Data extracted from a collection
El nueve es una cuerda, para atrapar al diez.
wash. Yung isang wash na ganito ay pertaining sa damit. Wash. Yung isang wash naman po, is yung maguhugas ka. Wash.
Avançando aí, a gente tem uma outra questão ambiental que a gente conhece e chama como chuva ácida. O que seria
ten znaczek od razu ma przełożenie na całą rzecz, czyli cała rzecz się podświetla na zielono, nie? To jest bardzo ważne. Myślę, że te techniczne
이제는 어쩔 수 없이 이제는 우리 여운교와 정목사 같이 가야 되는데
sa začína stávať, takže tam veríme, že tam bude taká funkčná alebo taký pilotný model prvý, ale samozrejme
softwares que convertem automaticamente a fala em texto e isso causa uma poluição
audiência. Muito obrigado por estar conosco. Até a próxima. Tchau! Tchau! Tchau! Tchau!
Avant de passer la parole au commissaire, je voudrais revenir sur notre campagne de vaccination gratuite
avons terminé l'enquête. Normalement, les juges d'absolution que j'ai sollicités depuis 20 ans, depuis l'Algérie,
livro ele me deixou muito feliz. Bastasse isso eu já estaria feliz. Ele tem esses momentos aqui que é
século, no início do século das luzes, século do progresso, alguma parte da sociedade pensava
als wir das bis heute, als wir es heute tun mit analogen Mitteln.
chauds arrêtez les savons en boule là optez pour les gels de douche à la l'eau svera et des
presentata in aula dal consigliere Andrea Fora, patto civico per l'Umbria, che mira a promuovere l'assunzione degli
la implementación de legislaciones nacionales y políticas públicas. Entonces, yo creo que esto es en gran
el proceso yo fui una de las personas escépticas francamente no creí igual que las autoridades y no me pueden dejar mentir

- Goal of the exercise:
Copy out each record above exactly, leaving nothing out.

- Expected output:
El nueve es una cuerda, para atrapar al diez.
wash. Yung isang wash na ganito ay pertaining sa damit. Wash. Yung isang wash naman po, is yung maguhugas ka. Wash.
Avançando aí, a gente tem uma outra questão ambiental que a gente conhece e chama como chuva ácida. O que seria
ten znaczek od razu ma przełożenie na całą rzecz, czyli cała rzecz się podświetla na zielono, nie? To jest bardzo ważne. Myślę, że te techniczne
이제는 어쩔 수 없이 이제는 우리 여운교와 정목사 같이 가야 되는데
sa začína stávať, takže tam veríme, že tam bude taká funkčná alebo taký pilotný model prvý, ale samozrejme
softwares que convertem automaticamente a fala em texto e isso causa uma poluição
audiência. Muito obrigado por estar conosco. Até a próxima. Tchau! Tchau! Tchau! Tchau!
Avant de passer la parole au commissaire, je voudrais revenir sur notre campagne de vaccination gratuite
avons terminé l'enquête. Normalement, les juges d'absolution que j'ai sollicités depuis 20 ans, depuis l'Algérie,
livro ele me deixou muito feliz. Bastasse isso eu já estaria feliz. Ele tem esses momentos aqui que é
século, no início do século das luzes, século do progresso, alguma parte da sociedade pensava
als wir das bis heute, als wir es heute tun mit analogen Mitteln.
chauds arrêtez les savons en boule là optez pour les gels de douche à la l'eau svera et des
presentata in aula dal consigliere Andrea Fora, patto civico per l'Umbria, che mira a promuovere l'assunzione degli
la implementación de legislaciones nacionales y políticas públicas. Entonces, yo creo que esto es en gran
el proceso yo fui una de las personas escépticas francamente no creí igual que las autoridades y no me pueden dejar mentir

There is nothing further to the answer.